*Data records*:
# # # # #
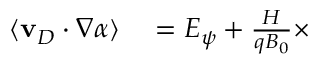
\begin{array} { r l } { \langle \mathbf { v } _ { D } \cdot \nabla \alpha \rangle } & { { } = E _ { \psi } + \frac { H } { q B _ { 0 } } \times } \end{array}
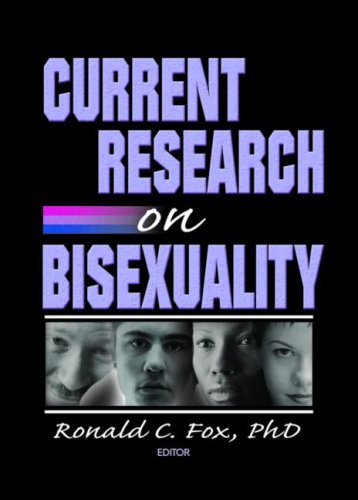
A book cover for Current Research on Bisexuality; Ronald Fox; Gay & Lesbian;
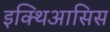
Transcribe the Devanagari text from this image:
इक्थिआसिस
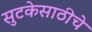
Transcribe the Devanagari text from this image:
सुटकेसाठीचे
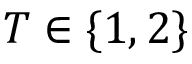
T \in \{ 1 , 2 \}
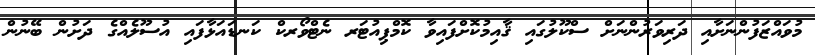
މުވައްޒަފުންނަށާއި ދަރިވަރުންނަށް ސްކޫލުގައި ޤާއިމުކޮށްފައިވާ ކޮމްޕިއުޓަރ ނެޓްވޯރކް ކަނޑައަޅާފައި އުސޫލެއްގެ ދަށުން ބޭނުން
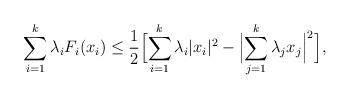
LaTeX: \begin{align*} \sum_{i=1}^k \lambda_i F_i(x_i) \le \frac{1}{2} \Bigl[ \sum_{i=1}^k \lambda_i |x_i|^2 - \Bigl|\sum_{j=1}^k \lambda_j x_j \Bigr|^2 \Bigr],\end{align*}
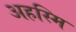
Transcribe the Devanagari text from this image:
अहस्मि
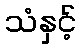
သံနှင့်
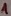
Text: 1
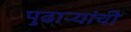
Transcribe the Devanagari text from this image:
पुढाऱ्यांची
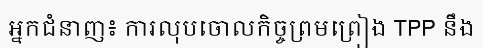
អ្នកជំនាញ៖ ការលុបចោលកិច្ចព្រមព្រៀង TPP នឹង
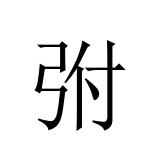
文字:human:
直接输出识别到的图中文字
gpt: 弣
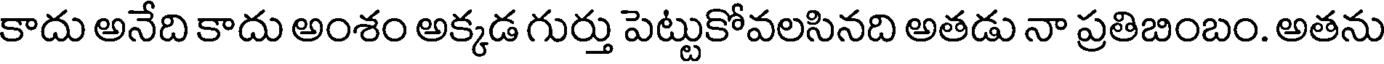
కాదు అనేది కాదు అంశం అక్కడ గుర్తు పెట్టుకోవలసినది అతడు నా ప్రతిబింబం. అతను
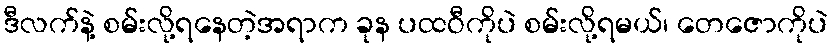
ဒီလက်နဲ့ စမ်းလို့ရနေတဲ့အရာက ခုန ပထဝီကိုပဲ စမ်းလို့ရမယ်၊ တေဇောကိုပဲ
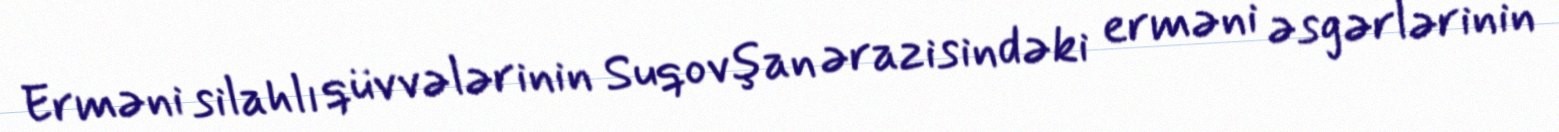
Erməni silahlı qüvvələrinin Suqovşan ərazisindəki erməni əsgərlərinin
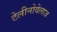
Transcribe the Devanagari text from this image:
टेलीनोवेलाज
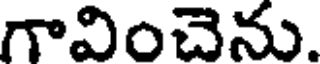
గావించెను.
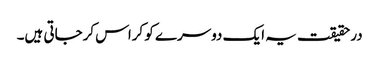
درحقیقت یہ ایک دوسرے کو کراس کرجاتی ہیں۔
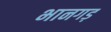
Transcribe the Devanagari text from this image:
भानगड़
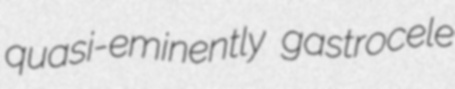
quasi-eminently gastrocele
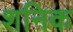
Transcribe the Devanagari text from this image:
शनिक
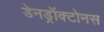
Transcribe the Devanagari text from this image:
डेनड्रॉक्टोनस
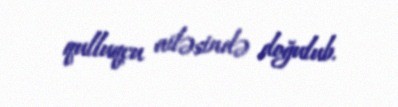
# # # # #
For this exercise, transcribe exactly only the lines from the one containing "直接输出识别到的图中文字" through the end of the listing, inclusive, without the pictures.

*Response to this task*:
直接输出识别到的图中文字
gpt: 弣
కాదు అనేది కాదు అంశం అక్కడ గుర్తు పెట్టుకోవలసినది అతడు నా ప్రతిబింబం. అతను
ဒီလက်နဲ့ စမ်းလို့ရနေတဲ့အရာက ခုန ပထဝီကိုပဲ စမ်းလို့ရမယ်၊ တေဇောကိုပဲ
Erməni silahlı qüvvələrinin Suqovşan ərazisindəki erməni əsgərlərinin
Transcribe the Devanagari text from this image:
टेलीनोवेलाज
గావించెను.
درحقیقت یہ ایک دوسرے کو کراس کرجاتی ہیں۔
Transcribe the Devanagari text from this image:
भानगड़
quasi-eminently gastrocele
Transcribe the Devanagari text from this image:
शनिक
Transcribe the Devanagari text from this image:
डेनड्रॉक्टोनस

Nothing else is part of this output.